Franklin D. Roosevelt

Statement on Signing Two Statutes to Protect Investors.

August 23, 1940

I have just signed the Investment Company Act of 1940 and the Investment Advisers' Act of 1940; legislation which both houses of Congress passed unanimously. These Acts give the Securities and Exchange Commission power to regulate investment trusts and investment counselors. They mark another milestone in this Administration's vigorous program—begun in 1933 and supplemented in 1934, 1935, 1938 and again in 1939-to protect the investor. As the pressure of international affairs increases, we are ready for the emergency because of our vigorous fight to put our domestic affairs on a true democratic basis. We are cleaning house, putting our financial machinery in good order. This program is essential, not only because it results in necessary reforms, but for the much more important reason that it will enable us to absorb the shock of any crisis.

There is no necessity of reviewing in detail the many unhealthy practices which this legislation is designed to eliminate. It is enough to point out that the investment trusts have themselves actively urged that an agency of the Federal Government assume immediate supervision of their activities. This attitude on the part of the investment trust industry and investment advisers is most commendable.

It is a source of satisfaction that business men have at last come to recognize that it is this Administration's purpose to aid the honest business man and to assist him in bringing higher standards to his particular corner of the business community. In the case of this legislation, it deserves notice that the investment trust industry insisted that the Congress grant to the Securities and Exchange Commission broader discretionary powers than those contemplated in the original regulatory proposals. Not only is this a tribute to the personnel of the SEC and an endorsement of its wisdom and essential fairness in handling financial problems, but it serves well to indicate that many business men now realize that efficient regulation in technical fields such as this requires an administering agency which has been given flexible powers to meet whatever problems may arise.

This in itself is enough to demonstrate that we have come a long way since the bleak days of 1929, when the market crash swept away the veil which up to then had hidden the "behind-the-scenes" activity of our high financiers and showed all too clearly the sham and deceit which characterized so many of their actions.

The Securities and Exchange Commission has been established to protect the investor.
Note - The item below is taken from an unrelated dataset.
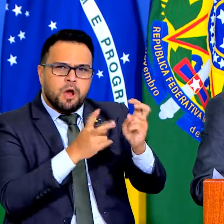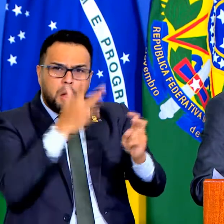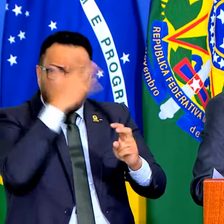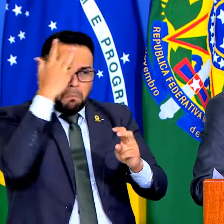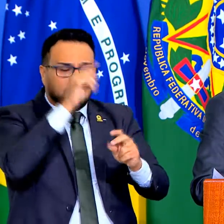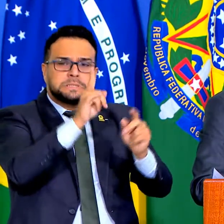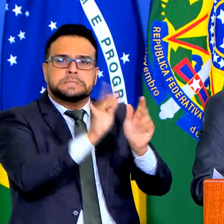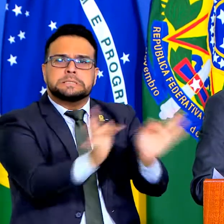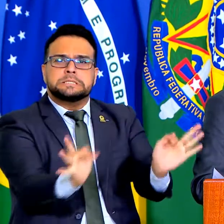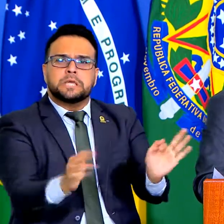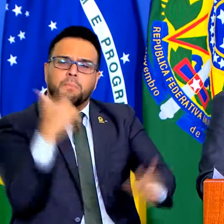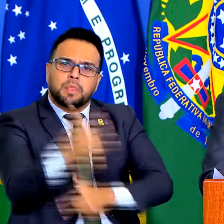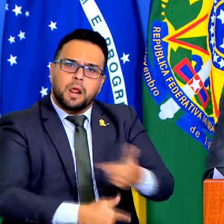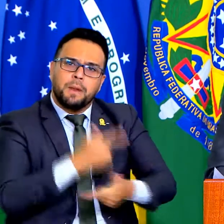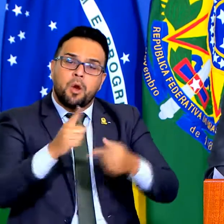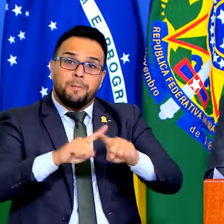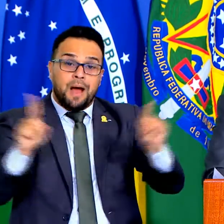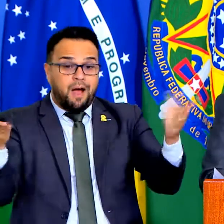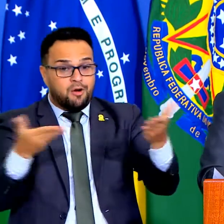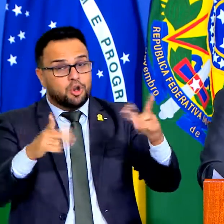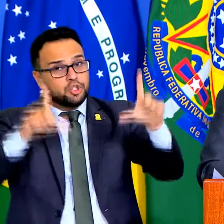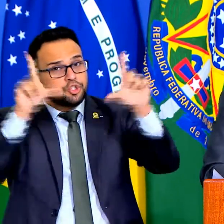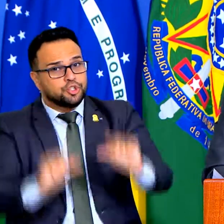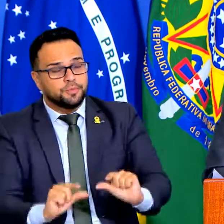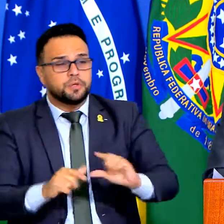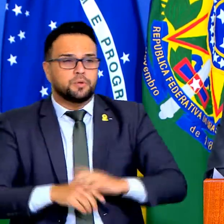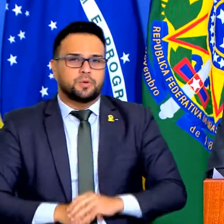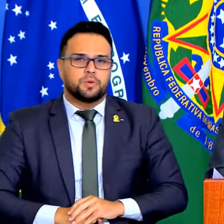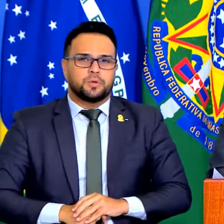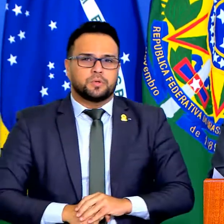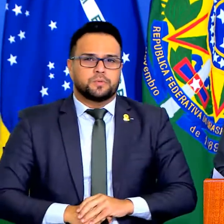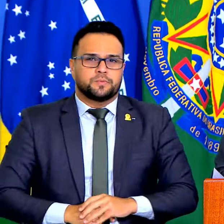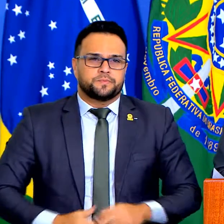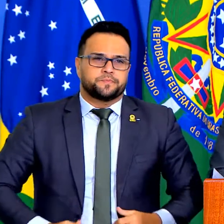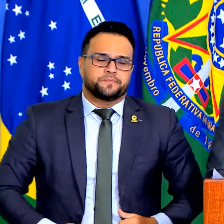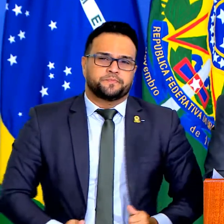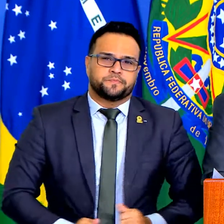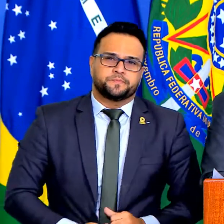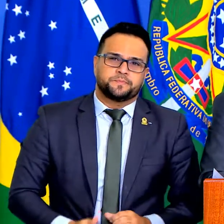Mas diminuiu em muito em relação ao que tínhamos no passado.

Looking back at the various Acts which have been passed and placed under the jurisdiction of that Commission, the breadth of this Administration's program is apparent. In 1933 the Securities Act was passed, preventing misrepresentation and fraud and requiring full disclosure by those who wished to sell securities. In 1934 the Securities Exchange Act was passed, regulating stock exchanges, preventing market manipulations, and placing curbs on excessive speculation. In 1935 the Public Utility Holding Company Act was passed. In 1938 the bankruptcy Act was amended to enable the SEC to participate in corporate reorganizations in order to act as technical adviser to the court and advocate for the best interests of the small and inarticulate security holders. Finally, only last year additional legislation was passed requiring corporate trustees under indentures to assume true fiduciary obligations.

No better example of the true meaning of this program can be found than in the legislation regulating public utility holding companies. During the 1920's these corporate monstrosities had been permitted to pyramid stock holdings on top of stock holdings until a few men at the top, with only a microscopic investment of their own, could control the smallest action of those who ran the far-flung operating companies at the base of the pyramid. Watered stock and high rates to consumers signified holding company management. Those at the top juggled · corporations for selfish purposes. This situation was contrary to the American way of life and, had the holding companies not been checked, they would have threatened the very existence of our democratic processes. The Public Utility Holding Company Act of 1935 is designed to break down these top-heavy structures to the end that local operating managements will come back into their own and be given an opportunity to serve the immediate community without being subjected to the direction of an absentee and dictatorial holding company management.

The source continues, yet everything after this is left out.